Genesis Begins Again is a story that feels all too real. This story highlights the fact that racism is still very much alive- even from one person of color to another. From a young age, thirteen-year-old Genesis has been told that she’s “too black” and that everyone wishes she looked like her light-skinned mother. The words “too black” ring in her ears day after day…especially because she hears those words all too often from her father: her alcoholic, gambling, dark-skinned father. In order to please her father (and subconsciously herself) Genesis follows any method to try to lighten her skin- rubbing lemons on her flesh, lathering herself in yoghurt, and even taking a bath in bleach. However, Genesis soon discovers that her skin isn’t the problem and that perhaps if she just understands the real issues, a change in her perspective could be the solution that everyone has been looking for.

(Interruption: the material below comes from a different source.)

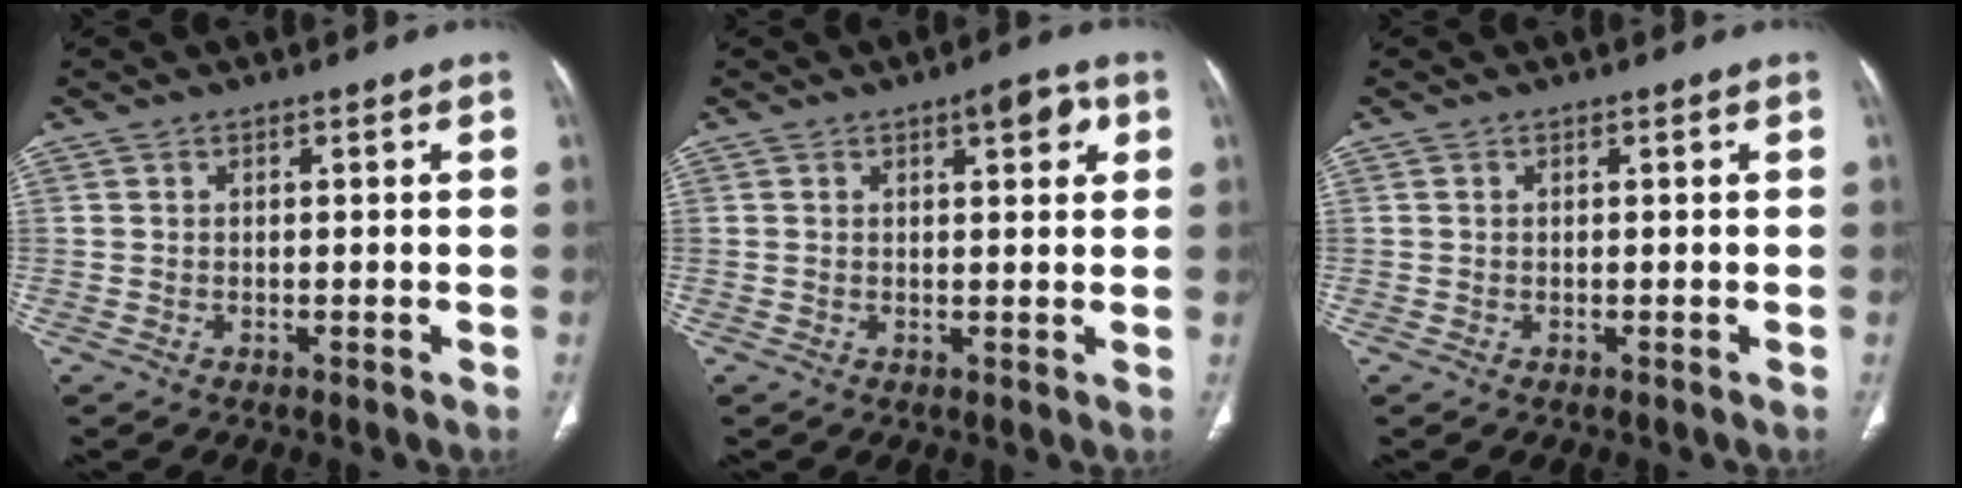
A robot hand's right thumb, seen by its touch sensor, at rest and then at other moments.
{"total": 4.7, "force": [2.1, 1.8, 3.8], "torque": [-0.032, -0.002, 0.025]}
{"total": 0.0}

The characters in Alicia D. William’s novel are some of the best written characters I have ever read. All of the characters have very unique personalities and have reasons for why they act the way that they do. Williams took the time to come up with a backstory for each and every character which makes them very believable and three dimensional. Never have I read a novel where an author paid attention to a character’s backstory as much as Williams did, and I greatly appreciate it because a person’s history is truly what makes a person.


My only complaint about this story is that at times the kids seemed like they were talking with very stereotypical “kid lingo.” That was one of the first things I noticed when I started reading this story. However, the story was so interesting and so deep that I easily pushed past the lingo and simply could not put this book down. Overall, I would give this book 4.5/5 stars for delving into really important issues, having an easy to follow, clear story line, and having very dynamic characters. As a white person, there were a lot of racial issues brought up in this book that I had never thought about before, so I am thankful that Williams brought these issues to light. These are definitely issues that I will be thinking about for years to come and it’s all thanks to Genesis Begins Again!



  1. I just loved it !!! Racism in the world is an issue that affects a lot of people and you have to convince people that you all eat the same despite “differences.”

  2. Well, in my opinion the “kid lingo” is correct. Also I would like to note that the lingo is correct because she is a teacher and picks it up from her students. I would like to note this because she actually is my history teacher and I do have a very close relationship with her and do feel the need to defend her book.